AKBP Otniel Siahaan memastikan PS telah diamankan untuk menjalani proses hukum. Pelaku dijerat Pasal 479 Ayat (2) huruf a subsider Pasal 479 Ayat (1) Undang-Undang Nomor 1 Tahun 2023 tentang Kitab Undang-Undang Hukum Pidana atau KUHP.
Ancaman pidana yang dikenakan kepada PS mencapai maksimal 12 tahun penjara. Penyidik masih melakukan pendalaman guna memastikan seluruh rangkaian dugaan perampokan tersebut serta melengkapi kebutuhan proses hukum selanjutnya.

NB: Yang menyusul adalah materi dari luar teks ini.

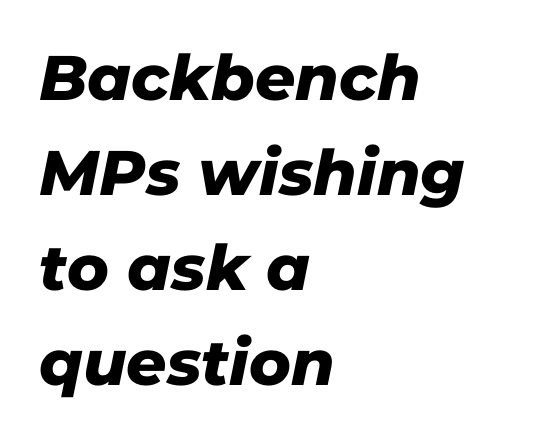
The leading is moderate, giving the passage an even texture. How are the letters spaced? Ordinarily, with no added tracking. Anything drawn beneath the words? Only blank space. Spacing verdict: proportional, widths tailored to each character. Does the copy run flush right? No — it runs flush left.
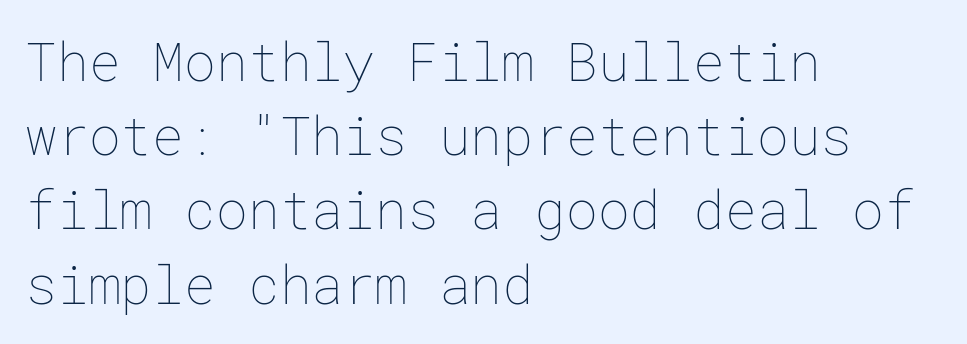
The image shows 53 px thin type, upright; set left-aligned, normal line spacing (1.4x), normal letter spacing, not underlined; low stroke contrast and a medium x-height.

Kasus ini juga mengingatkan pentingnya kewaspadaan bagi pekerja yang melayani masyarakat hingga malam hari, termasuk di tempat praktik. Keamanan akses masuk, pengawasan terhadap lingkungan sekitar, dan respons cepat saat ada situasi mencurigakan dapat membantu mengurangi risiko tindak kejahatan.
Related Reading
Frequently Asked Questions
What is Diancam Parang Dokter di Dairi Dirampok?Diancam Parang Dokter di Dairi Dirampok is the main topic of this guide. The article explains the context, practical details, and next steps readers should understand.
Why does Diancam Parang Dokter di Dairi Dirampok matter?Diancam Parang Dokter di Dairi Dirampok matters because readers are looking for a useful answer, not just a short summary. Good content should match search intent and help them decide what to do next.